**Required work:** Please set down each of the lines below once more, exactly, omitting all pictures.

[Start of section]

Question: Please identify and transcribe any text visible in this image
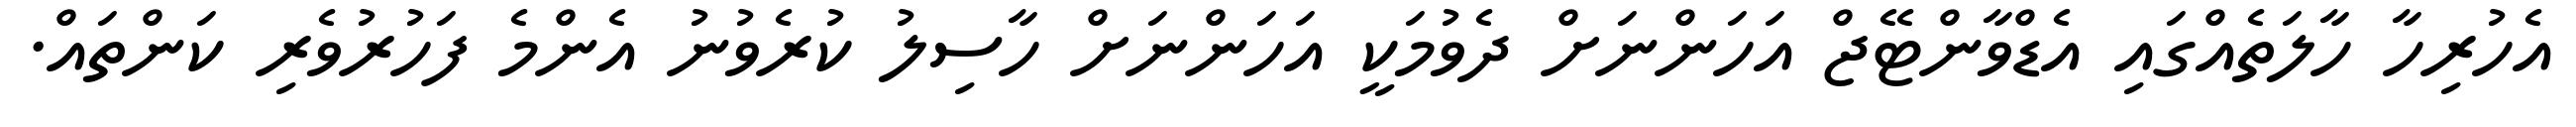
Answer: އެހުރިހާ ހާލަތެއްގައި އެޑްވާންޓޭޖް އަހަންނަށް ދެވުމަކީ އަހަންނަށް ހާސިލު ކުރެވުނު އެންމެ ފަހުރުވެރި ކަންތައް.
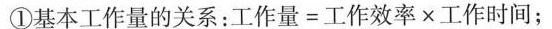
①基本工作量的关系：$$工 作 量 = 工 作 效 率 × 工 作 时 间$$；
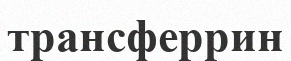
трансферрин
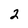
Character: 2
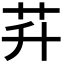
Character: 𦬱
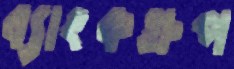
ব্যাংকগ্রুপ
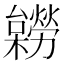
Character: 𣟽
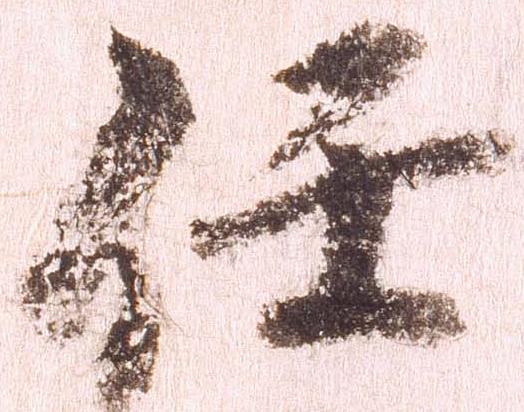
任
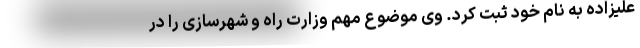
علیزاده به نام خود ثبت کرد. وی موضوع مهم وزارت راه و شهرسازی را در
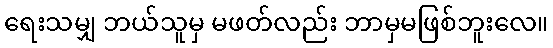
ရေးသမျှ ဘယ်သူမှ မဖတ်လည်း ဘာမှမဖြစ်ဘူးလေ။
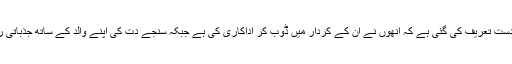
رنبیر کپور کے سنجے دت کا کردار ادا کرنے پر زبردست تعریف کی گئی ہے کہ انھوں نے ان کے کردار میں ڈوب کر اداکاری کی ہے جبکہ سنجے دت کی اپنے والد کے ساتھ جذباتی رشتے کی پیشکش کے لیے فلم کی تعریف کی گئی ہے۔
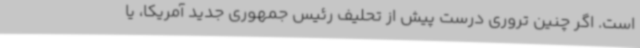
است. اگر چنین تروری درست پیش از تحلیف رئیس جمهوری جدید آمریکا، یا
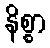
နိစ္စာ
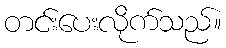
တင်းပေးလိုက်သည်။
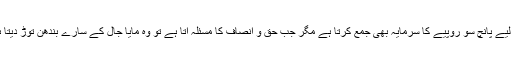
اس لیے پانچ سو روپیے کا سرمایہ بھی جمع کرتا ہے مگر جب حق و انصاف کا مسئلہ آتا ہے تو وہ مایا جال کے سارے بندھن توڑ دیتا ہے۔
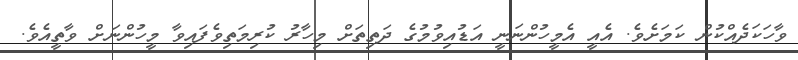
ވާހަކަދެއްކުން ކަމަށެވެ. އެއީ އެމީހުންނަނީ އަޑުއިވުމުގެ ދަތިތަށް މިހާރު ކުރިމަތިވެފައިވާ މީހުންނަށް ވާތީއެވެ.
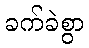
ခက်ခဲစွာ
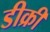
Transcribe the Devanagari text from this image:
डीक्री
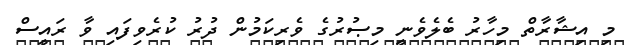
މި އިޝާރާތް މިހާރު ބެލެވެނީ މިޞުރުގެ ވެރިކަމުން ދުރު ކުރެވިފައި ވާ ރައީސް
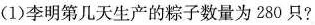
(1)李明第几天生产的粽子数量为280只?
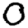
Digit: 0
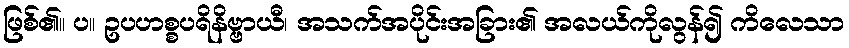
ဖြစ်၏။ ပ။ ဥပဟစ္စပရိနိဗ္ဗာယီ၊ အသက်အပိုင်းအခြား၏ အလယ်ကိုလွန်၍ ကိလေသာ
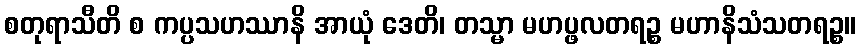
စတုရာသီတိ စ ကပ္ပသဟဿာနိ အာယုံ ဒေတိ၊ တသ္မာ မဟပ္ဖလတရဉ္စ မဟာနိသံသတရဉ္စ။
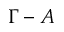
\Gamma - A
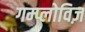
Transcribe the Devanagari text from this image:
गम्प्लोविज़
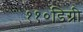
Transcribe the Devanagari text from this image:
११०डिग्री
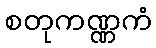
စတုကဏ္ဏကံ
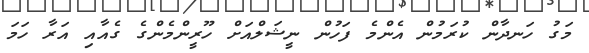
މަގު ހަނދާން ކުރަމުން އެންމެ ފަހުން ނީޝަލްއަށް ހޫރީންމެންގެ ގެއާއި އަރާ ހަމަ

[End of section]

**Answer box:**
Question: Please identify and transcribe any text visible in this image
Answer: އެހުރިހާ ހާލަތެއްގައި އެޑްވާންޓޭޖް އަހަންނަށް ދެވުމަކީ އަހަންނަށް ހާސިލު ކުރެވުނު އެންމެ ފަހުރުވެރި ކަންތައް.
①基本工作量的关系：$$工 作 量 = 工 作 效 率 × 工 作 时 间$$；
трансферрин
Character: 2
Character: 𦬱
ব্যাংকগ্রুপ
Character: 𣟽
任
علیزاده به نام خود ثبت کرد. وی موضوع مهم وزارت راه و شهرسازی را در
ရေးသမျှ ဘယ်သူမှ မဖတ်လည်း ဘာမှမဖြစ်ဘူးလေ။
رنبیر کپور کے سنجے دت کا کردار ادا کرنے پر زبردست تعریف کی گئی ہے کہ انھوں نے ان کے کردار میں ڈوب کر اداکاری کی ہے جبکہ سنجے دت کی اپنے والد کے ساتھ جذباتی رشتے کی پیشکش کے لیے فلم کی تعریف کی گئی ہے۔
است. اگر چنین تروری درست پیش از تحلیف رئیس جمهوری جدید آمریکا، یا
နိစ္စာ
တင်းပေးလိုက်သည်။
اس لیے پانچ سو روپیے کا سرمایہ بھی جمع کرتا ہے مگر جب حق و انصاف کا مسئلہ آتا ہے تو وہ مایا جال کے سارے بندھن توڑ دیتا ہے۔
ވާހަކަދެއްކުން ކަމަށެވެ. އެއީ އެމީހުންނަނީ އަޑުއިވުމުގެ ދަތިތަށް މިހާރު ކުރިމަތިވެފައިވާ މީހުންނަށް ވާތީއެވެ.
ခက်ခဲစွာ
Transcribe the Devanagari text from this image:
डीक्री
މި އިޝާރާތް މިހާރު ބެލެވެނީ މިޞުރުގެ ވެރިކަމުން ދުރު ކުރެވިފައި ވާ ރައީސް
(1)李明第几天生产的粽子数量为280只?
Digit: 0
ဖြစ်၏။ ပ။ ဥပဟစ္စပရိနိဗ္ဗာယီ၊ အသက်အပိုင်းအခြား၏ အလယ်ကိုလွန်၍ ကိလေသာ
စတုရာသီတိ စ ကပ္ပသဟဿာနိ အာယုံ ဒေတိ၊ တသ္မာ မဟပ္ဖလတရဉ္စ မဟာနိသံသတရဉ္စ။
\Gamma - A
Transcribe the Devanagari text from this image:
गम्प्लोविज़
Transcribe the Devanagari text from this image:
११०डिग्री
စတုကဏ္ဏကံ
މަގު ހަނދާން ކުރަމުން އެންމެ ފަހުން ނީޝަލްއަށް ހޫރީންމެންގެ ގެއާއި އަރާ ހަމަ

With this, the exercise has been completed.